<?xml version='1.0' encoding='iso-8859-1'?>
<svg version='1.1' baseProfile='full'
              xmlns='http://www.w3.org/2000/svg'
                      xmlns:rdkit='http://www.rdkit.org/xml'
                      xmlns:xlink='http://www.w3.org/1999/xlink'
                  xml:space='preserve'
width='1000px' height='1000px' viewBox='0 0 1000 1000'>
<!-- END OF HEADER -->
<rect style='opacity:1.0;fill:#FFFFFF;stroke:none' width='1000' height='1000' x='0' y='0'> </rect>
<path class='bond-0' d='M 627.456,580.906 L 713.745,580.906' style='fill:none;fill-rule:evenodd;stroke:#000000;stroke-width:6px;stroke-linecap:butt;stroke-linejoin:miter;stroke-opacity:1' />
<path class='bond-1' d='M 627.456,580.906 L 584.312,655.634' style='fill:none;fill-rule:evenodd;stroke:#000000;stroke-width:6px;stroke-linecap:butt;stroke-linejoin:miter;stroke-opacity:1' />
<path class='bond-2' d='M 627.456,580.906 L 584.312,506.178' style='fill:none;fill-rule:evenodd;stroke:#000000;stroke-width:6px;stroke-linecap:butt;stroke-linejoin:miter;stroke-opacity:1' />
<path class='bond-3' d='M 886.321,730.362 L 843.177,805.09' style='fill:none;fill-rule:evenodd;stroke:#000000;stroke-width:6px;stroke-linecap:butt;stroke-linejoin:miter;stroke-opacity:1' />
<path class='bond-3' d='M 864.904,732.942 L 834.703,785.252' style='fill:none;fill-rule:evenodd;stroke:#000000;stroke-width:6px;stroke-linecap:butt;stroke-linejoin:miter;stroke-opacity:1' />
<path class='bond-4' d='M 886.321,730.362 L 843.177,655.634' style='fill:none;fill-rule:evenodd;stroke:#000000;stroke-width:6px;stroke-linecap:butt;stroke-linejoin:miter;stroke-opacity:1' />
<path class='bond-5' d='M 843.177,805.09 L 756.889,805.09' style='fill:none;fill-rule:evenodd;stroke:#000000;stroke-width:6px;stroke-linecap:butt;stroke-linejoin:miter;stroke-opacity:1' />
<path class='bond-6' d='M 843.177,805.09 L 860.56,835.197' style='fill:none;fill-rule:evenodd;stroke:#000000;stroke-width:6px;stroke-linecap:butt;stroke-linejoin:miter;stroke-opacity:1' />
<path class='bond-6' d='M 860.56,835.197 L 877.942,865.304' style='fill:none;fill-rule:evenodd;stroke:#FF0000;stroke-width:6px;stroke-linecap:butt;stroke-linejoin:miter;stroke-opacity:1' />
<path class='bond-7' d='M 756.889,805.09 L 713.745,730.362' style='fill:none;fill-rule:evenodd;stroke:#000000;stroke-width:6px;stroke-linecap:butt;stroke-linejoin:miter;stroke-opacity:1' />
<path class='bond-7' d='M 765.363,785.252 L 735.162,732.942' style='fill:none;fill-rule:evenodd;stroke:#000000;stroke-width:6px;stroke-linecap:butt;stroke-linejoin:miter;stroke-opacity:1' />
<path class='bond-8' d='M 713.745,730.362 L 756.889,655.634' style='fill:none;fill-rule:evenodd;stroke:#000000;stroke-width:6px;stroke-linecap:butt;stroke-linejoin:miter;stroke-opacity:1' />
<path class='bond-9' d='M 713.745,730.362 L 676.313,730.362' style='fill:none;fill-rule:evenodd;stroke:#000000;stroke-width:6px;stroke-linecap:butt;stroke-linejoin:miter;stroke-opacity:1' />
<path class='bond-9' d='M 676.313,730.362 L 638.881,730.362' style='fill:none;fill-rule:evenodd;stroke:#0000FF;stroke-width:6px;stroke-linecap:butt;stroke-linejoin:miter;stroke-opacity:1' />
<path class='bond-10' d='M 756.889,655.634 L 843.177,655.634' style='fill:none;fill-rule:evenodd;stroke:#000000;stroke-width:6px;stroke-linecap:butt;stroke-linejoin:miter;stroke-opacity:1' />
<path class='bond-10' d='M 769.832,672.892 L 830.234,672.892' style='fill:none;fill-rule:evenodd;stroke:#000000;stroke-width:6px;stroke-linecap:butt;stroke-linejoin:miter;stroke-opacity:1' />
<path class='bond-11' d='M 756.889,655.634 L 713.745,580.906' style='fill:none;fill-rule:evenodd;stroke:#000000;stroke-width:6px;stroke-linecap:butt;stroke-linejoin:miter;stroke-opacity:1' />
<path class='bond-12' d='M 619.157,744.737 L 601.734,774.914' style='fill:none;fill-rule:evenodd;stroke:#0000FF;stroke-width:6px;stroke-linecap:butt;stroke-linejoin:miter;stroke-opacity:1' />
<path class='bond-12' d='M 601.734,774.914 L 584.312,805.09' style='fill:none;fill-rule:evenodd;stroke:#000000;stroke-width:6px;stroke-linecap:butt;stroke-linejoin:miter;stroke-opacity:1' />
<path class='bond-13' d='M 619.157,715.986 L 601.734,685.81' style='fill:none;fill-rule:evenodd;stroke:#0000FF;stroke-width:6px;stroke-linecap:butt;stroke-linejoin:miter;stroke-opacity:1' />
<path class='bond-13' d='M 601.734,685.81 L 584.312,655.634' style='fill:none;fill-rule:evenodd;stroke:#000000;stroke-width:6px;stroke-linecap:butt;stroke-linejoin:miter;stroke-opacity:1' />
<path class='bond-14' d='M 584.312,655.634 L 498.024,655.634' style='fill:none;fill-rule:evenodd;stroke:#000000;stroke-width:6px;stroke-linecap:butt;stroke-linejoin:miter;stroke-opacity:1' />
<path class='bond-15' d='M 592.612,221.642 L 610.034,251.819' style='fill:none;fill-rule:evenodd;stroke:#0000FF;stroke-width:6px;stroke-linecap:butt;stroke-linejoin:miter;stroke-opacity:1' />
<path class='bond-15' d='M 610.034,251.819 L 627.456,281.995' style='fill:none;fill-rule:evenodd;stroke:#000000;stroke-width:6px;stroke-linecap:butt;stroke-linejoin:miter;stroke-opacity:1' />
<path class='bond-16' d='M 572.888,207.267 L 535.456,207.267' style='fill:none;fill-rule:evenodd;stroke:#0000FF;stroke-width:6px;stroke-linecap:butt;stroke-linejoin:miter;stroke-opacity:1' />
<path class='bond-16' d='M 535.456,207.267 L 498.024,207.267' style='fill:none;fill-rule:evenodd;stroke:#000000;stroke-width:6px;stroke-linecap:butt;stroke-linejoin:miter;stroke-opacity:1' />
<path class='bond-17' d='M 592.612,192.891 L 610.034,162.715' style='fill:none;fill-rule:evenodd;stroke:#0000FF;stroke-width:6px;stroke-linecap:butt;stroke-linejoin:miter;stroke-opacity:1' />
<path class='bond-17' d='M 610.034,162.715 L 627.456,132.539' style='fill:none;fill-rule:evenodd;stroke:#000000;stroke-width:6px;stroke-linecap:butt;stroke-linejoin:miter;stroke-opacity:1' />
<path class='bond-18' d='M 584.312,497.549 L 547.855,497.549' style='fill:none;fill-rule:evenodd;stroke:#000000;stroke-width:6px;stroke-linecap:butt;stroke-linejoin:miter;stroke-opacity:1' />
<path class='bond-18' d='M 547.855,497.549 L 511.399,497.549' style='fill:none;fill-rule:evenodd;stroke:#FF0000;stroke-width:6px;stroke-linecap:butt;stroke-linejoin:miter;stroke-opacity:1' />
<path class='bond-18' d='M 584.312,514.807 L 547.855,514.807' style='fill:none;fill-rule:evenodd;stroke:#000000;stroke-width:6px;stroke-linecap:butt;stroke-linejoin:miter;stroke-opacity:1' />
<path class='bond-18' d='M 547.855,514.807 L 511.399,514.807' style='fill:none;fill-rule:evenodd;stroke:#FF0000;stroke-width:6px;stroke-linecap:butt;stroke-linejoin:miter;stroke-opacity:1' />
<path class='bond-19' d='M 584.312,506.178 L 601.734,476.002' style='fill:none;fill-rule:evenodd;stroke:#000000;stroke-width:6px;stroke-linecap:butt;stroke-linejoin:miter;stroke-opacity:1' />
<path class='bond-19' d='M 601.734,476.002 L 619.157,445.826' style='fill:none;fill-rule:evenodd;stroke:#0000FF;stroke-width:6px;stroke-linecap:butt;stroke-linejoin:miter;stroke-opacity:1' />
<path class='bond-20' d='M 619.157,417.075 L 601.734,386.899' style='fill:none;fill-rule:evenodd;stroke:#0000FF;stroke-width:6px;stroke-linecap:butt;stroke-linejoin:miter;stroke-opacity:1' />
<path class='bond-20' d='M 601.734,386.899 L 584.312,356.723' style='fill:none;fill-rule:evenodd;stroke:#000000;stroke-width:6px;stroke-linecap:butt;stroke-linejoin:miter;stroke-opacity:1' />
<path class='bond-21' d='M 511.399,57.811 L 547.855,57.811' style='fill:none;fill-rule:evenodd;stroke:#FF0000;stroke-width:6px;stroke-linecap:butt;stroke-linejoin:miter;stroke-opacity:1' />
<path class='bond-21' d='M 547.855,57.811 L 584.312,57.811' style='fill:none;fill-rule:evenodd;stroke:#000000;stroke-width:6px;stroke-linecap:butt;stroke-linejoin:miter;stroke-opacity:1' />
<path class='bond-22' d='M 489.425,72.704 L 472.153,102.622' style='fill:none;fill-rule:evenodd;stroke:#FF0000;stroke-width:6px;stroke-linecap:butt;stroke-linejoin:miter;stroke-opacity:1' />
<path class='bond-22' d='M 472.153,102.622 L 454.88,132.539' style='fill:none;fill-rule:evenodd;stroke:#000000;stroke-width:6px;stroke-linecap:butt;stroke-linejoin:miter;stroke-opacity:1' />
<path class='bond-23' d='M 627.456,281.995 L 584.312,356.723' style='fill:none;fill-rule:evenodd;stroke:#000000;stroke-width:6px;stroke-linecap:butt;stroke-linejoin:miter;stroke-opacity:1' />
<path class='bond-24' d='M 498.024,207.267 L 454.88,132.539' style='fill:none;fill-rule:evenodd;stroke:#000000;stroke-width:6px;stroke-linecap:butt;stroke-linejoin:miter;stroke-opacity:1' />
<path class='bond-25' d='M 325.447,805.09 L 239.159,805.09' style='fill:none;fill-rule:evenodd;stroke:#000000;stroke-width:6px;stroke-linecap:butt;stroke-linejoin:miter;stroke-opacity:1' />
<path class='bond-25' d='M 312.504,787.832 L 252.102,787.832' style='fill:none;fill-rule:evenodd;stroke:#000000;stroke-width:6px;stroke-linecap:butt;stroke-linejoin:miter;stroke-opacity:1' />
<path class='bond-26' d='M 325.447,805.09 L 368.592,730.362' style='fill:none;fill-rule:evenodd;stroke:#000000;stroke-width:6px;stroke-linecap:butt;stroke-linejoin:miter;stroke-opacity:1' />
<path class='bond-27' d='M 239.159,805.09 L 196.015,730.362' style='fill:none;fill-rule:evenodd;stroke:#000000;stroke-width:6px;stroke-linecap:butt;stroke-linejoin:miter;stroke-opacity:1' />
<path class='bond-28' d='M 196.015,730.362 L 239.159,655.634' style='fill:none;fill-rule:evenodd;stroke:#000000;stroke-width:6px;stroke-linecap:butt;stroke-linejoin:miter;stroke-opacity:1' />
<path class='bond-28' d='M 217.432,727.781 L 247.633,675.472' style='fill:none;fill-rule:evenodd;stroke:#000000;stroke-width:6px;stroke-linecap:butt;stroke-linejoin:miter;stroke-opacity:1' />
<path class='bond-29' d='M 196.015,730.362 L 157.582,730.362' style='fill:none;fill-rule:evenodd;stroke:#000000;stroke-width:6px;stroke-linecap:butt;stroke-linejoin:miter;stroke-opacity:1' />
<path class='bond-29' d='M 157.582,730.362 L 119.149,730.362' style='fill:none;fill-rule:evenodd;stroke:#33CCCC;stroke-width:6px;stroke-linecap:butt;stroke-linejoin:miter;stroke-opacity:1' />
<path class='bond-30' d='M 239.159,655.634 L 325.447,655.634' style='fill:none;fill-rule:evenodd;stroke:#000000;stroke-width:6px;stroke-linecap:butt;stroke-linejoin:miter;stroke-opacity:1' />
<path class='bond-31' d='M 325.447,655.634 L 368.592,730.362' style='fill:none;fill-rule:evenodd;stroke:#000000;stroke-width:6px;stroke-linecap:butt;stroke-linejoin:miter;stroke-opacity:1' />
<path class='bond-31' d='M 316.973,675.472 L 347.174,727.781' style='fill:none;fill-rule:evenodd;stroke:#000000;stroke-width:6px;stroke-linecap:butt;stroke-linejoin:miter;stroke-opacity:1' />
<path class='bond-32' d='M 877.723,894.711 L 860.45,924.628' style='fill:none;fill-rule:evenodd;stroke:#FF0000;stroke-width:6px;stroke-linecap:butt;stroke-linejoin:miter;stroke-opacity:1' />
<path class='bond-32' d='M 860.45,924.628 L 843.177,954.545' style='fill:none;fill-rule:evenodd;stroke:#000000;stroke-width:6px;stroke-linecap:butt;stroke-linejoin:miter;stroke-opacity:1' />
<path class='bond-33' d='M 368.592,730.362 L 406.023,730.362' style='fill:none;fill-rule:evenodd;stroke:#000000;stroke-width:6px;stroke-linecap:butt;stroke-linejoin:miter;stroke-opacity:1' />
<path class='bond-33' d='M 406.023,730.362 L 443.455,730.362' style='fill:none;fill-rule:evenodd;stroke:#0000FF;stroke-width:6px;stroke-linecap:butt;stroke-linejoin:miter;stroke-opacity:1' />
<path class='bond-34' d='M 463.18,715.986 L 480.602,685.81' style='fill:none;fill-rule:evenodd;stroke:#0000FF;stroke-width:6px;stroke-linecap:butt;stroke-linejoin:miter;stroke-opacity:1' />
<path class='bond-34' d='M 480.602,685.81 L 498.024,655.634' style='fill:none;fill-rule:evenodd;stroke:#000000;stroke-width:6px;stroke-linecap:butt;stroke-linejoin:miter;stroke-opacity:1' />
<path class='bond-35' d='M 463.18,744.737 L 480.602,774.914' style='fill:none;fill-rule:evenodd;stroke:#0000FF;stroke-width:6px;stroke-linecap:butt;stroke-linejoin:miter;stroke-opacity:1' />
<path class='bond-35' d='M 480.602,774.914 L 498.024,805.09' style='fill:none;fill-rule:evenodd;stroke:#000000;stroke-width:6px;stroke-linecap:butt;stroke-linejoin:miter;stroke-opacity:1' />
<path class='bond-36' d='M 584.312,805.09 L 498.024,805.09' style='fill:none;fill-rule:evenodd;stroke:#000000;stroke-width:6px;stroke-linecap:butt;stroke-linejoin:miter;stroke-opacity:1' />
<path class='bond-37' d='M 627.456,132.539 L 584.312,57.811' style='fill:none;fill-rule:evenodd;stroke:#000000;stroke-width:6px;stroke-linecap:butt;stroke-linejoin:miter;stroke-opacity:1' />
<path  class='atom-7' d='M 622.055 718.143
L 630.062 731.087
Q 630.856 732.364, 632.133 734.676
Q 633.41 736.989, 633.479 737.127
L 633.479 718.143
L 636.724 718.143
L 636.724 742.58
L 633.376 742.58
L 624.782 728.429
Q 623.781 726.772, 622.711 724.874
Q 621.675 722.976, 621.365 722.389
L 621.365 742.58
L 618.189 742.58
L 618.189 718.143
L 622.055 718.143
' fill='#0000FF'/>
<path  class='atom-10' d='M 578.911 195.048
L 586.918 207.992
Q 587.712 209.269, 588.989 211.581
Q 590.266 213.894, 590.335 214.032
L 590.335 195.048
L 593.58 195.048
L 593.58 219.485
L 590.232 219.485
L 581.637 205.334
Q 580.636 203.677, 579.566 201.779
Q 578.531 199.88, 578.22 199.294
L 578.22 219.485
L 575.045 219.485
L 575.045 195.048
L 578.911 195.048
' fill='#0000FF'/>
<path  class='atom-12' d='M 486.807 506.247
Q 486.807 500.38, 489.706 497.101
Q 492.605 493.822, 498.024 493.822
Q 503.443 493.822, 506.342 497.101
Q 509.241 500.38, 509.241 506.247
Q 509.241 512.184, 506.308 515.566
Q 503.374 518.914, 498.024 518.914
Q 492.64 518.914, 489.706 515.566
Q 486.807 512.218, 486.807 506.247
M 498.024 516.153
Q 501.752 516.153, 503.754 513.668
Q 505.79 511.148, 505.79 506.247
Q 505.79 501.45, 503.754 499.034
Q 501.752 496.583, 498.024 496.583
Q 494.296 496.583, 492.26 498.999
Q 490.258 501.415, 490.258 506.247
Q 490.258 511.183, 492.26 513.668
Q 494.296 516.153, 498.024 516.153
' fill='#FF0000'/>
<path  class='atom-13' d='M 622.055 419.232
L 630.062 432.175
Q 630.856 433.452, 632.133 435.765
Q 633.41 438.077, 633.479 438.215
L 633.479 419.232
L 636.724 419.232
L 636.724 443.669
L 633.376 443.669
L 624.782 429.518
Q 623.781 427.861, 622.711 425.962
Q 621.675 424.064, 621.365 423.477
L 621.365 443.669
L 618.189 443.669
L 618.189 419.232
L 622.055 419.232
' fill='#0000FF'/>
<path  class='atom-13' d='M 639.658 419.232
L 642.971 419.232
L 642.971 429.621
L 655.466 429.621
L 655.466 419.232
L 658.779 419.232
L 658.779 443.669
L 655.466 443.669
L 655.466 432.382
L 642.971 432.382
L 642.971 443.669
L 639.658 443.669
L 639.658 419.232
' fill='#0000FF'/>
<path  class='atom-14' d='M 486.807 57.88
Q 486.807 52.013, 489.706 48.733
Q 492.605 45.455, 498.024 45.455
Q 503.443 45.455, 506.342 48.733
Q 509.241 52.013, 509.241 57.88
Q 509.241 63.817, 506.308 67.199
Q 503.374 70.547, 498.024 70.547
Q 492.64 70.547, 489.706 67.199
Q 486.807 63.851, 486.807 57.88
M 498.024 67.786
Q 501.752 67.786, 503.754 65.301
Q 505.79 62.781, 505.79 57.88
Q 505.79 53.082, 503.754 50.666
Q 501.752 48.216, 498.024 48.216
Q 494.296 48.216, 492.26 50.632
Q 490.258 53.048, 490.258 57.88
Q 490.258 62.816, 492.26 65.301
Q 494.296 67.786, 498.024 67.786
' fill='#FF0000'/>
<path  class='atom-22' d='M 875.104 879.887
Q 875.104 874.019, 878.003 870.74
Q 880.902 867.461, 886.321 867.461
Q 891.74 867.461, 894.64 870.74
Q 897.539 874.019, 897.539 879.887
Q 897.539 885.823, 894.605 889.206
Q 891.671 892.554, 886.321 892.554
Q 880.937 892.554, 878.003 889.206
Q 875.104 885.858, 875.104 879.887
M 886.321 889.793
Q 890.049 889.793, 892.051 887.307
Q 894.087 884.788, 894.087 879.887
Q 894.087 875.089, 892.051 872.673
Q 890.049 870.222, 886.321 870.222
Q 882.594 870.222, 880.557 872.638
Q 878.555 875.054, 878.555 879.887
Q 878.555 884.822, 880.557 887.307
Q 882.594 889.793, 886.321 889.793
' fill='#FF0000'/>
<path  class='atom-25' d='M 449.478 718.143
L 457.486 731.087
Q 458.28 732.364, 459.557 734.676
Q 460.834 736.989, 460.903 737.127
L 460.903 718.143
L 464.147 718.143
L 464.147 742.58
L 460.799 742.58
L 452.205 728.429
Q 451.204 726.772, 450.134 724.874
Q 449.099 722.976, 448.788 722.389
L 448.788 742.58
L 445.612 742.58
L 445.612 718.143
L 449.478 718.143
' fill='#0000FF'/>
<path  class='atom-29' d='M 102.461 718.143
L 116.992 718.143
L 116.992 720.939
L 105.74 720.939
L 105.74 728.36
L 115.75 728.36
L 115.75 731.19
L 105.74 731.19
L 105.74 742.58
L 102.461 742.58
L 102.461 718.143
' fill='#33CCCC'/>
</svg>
_ _ _ _
=== Exercise aim ===
Scan the listing above for the line that has "L 618.189 718.143", then copy exactly from that line through the line that has "Q 492.605 493.822, 498.024 493.822".

=== Problem solution ===
L 618.189 718.143
L 622.055 718.143
' fill='#0000FF'/>
<path  class='atom-10' d='M 578.911 195.048
L 586.918 207.992
Q 587.712 209.269, 588.989 211.581
Q 590.266 213.894, 590.335 214.032
L 590.335 195.048
L 593.58 195.048
L 593.58 219.485
L 590.232 219.485
L 581.637 205.334
Q 580.636 203.677, 579.566 201.779
Q 578.531 199.88, 578.22 199.294
L 578.22 219.485
L 575.045 219.485
L 575.045 195.048
L 578.911 195.048
' fill='#0000FF'/>
<path  class='atom-12' d='M 486.807 506.247
Q 486.807 500.38, 489.706 497.101
Q 492.605 493.822, 498.024 493.822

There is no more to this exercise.